REQUIRED ACTION: Copy without pictures. Please restate each line of the listing exactly.

EXTRACTED MATERIAL:
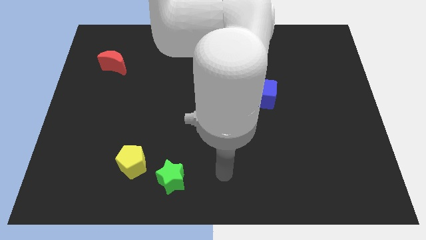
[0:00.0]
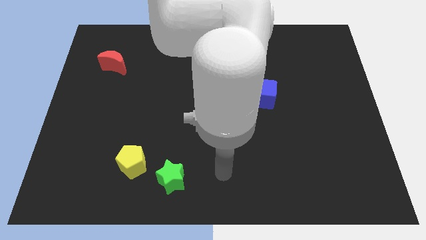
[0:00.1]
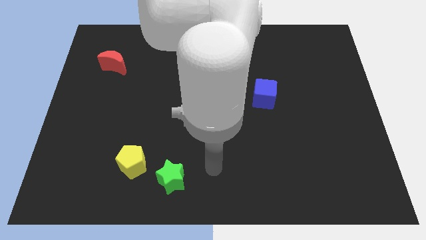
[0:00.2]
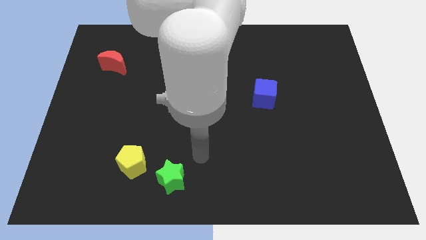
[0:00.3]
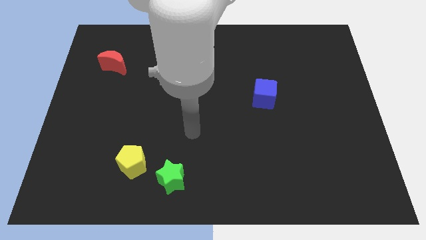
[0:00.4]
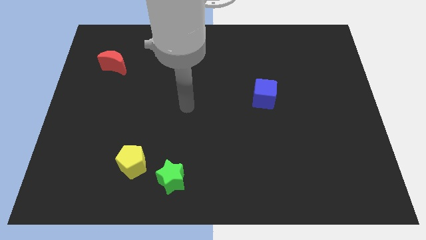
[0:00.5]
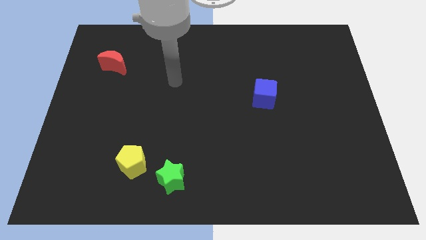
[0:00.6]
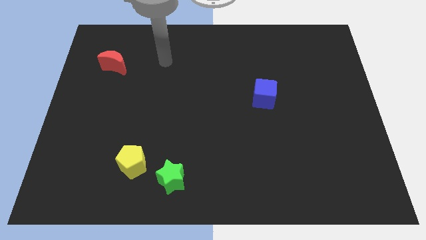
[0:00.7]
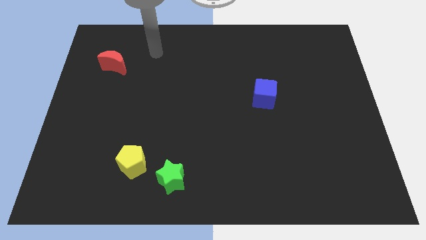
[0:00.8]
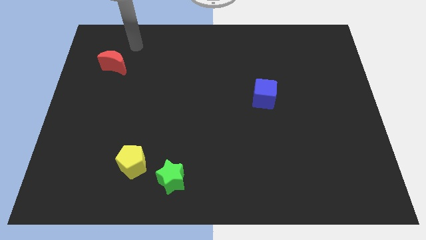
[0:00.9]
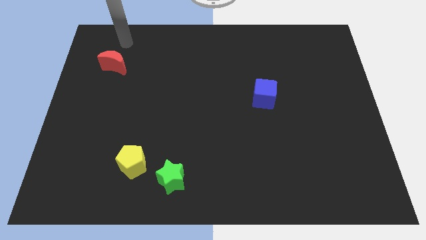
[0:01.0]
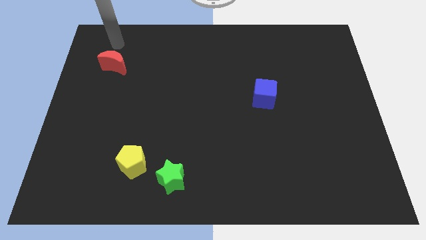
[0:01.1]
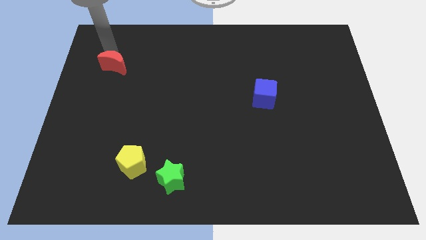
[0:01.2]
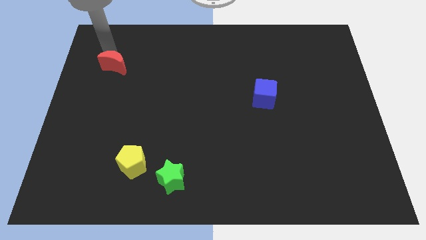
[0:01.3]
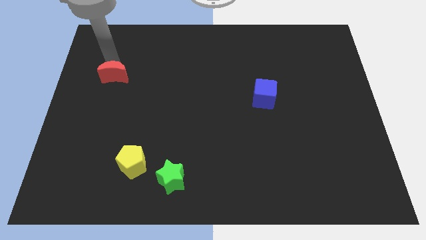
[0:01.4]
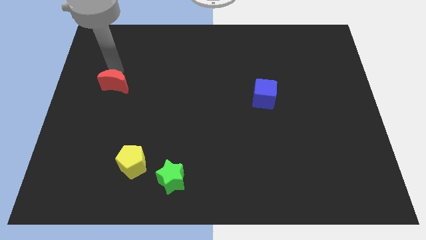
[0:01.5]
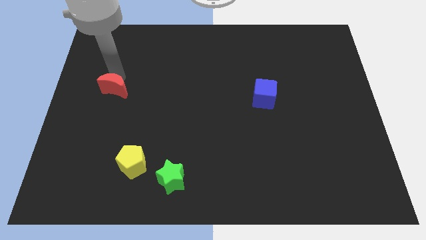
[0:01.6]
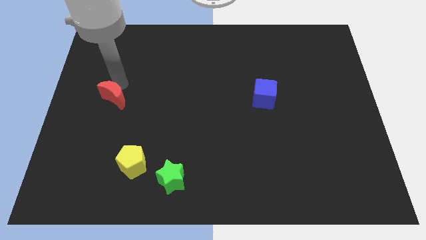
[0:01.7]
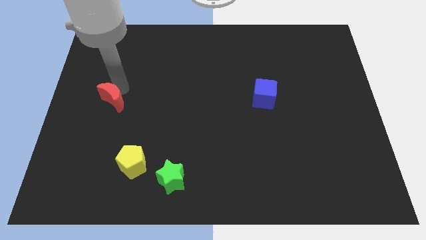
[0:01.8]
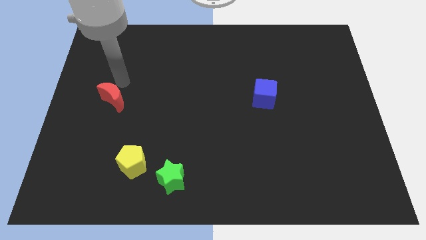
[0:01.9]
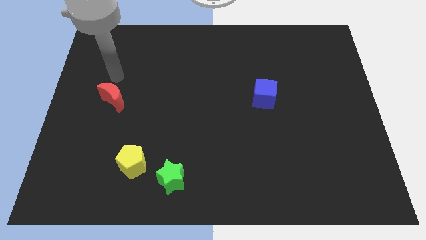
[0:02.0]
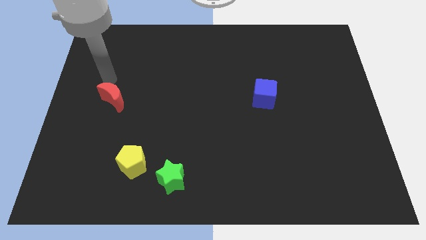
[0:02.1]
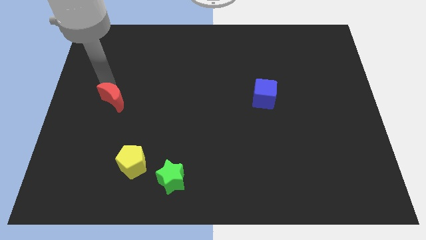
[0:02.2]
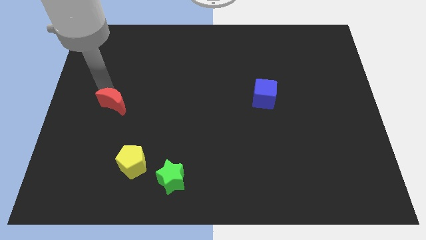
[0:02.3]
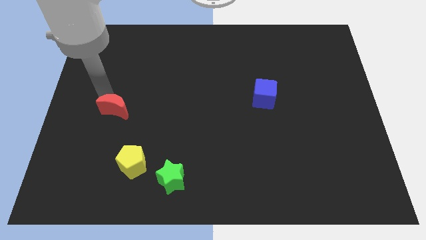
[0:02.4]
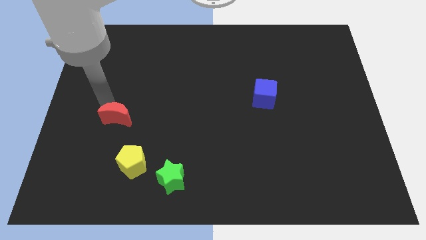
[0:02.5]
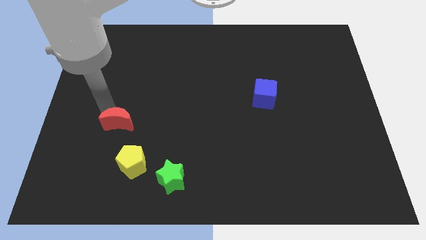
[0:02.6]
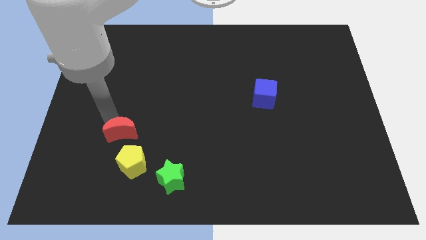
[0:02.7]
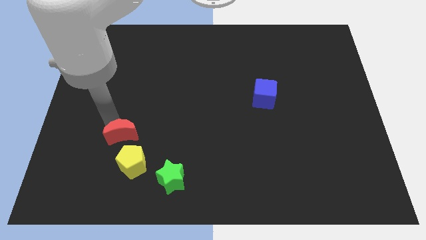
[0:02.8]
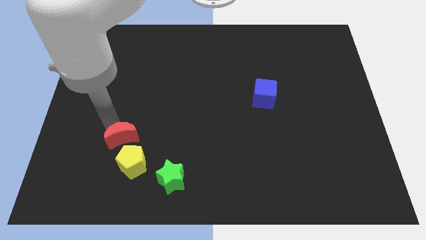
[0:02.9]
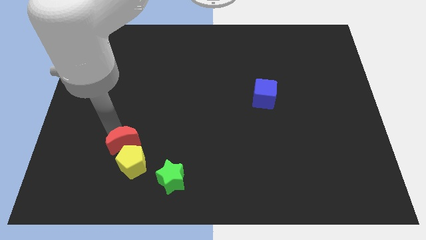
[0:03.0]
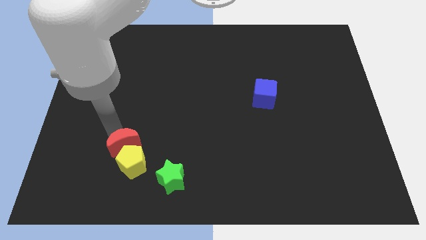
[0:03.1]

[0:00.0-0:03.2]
put the red moon to the pentagon

TASK RESULT:
[0:00.0]
[0:00.1]
[0:00.2]
[0:00.3]
[0:00.4]
[0:00.5]
[0:00.6]
[0:00.7]
[0:00.8]
[0:00.9]
[0:01.0]
[0:01.1]
[0:01.2]
[0:01.3]
[0:01.4]
[0:01.5]
[0:01.6]
[0:01.7]
[0:01.8]
[0:01.9]
[0:02.0]
[0:02.1]
[0:02.2]
[0:02.3]
[0:02.4]
[0:02.5]
[0:02.6]
[0:02.7]
[0:02.8]
[0:02.9]
[0:03.0]
[0:03.1]

[0:00.0-0:03.2]
put the red moon to the pentagon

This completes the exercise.